Cirebon bersal dari kata caruban yang berarti campuran. Masyarakat Cirebon diperkirakan merupakan campuran dari para pedagang setempat dengan para pedagang Cina yang telah memeluk Islam. Menurut buku Sejarah Banten, satu rombongan keluarga Cina telah mendarat dan menetap di Gresik. Kemudian mereka memeluk agama Islam. Satu di antara mereka bernama Cu-cu dan lebih dikenal dengan sebutan Arya Sumangsang atau Prabu Anom. Keluarga Cucu dapat mencapai kedudukan dan kehormatan tinggal di Kesultanan Demak dan mendapat kepercayaan untuk mendirikan perkampungan di daerah Barat. Atas ketekunannya, mereka berhasil membangun perkampungan yang disebut Cirebon.

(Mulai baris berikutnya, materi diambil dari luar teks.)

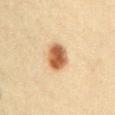<case>
<lighting>cross-polarized</lighting>
<patient>
  <sex>male</sex>
  <age_approx>40</age_approx>
</patient>
<site>left upper arm</site>
<automated_metrics>
  <cielab_L>53</cielab_L>
  <cielab_a>21</cielab_a>
  <cielab_b>35</cielab_b>
  <vs_skin_darker_L>17.0</vs_skin_darker_L>
  <vs_skin_contrast_norm>11.5</vs_skin_contrast_norm>
  <border_irregularity_0_10>1.0</border_irregularity_0_10>
  <color_variation_0_10>4.5</color_variation_0_10>
  <peripheral_color_asymmetry>1.5</peripheral_color_asymmetry>
</automated_metrics>
<lesion_size>
  <long_diameter_mm_approx>3.5</long_diameter_mm_approx>
</lesion_size>
<image>
  <source>total-body photography crop</source>
  <field_of_view_mm>15</field_of_view_mm>
</image>
</case>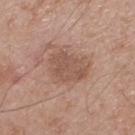workup — catalogued during a skin exam; not biopsied
anatomic site — the upper back
patient — male, in their 70s
acquisition — total-body-photography crop, ~15 mm field of view
lighting — white-light illumination
TBP lesion metrics — a mean CIELAB color near L≈53 a*≈19 b*≈27, a lesion–skin lightness drop of about 8, and a lesion-to-skin contrast of about 6 (normalized; higher = more distinct); an automated nevus-likeness rating near 0 out of 100
size — about 5 mm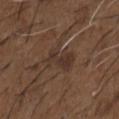  lighting: white-light
  site: chest
  lesion_size:
    long_diameter_mm_approx: 4.5
  image:
    source: total-body photography crop
    field_of_view_mm: 15
  patient:
    sex: male
    age_approx: 50
  automated_metrics:
    border_irregularity_0_10: 4.5
    color_variation_0_10: 3.0
    peripheral_color_asymmetry: 1.0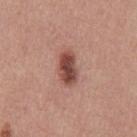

Dasar-dasar pembentukkan Kesultanan Banten telah dirintis oleh Nurullah pada tahun 1525 atas persetujuan Sultan Demak. Nurullah adalah seorang muslim yang saleh dan cakap dalam bidang politik sehingga diharpkan dapat membendung pengaruh Portugis. Pada tahun 1522, Portugis telah menandatangi persetujuan dengan Pakuan Pajajaran untuk mendirikan benteng di Sunda Kelapa. Namun sebelum maksud Portugis dilaksanakan, Nurullah telah merebut Sunda Kelapa dari Pajajaran pada tahun 1527. Atas kemenangannya itu, Nurullah diberi gelar Fatahillah (Kemenangan Allah) oleh Sultan Trenggon. Di samping itu, nama Sunda Kelapa diganti dengan Jayakarta.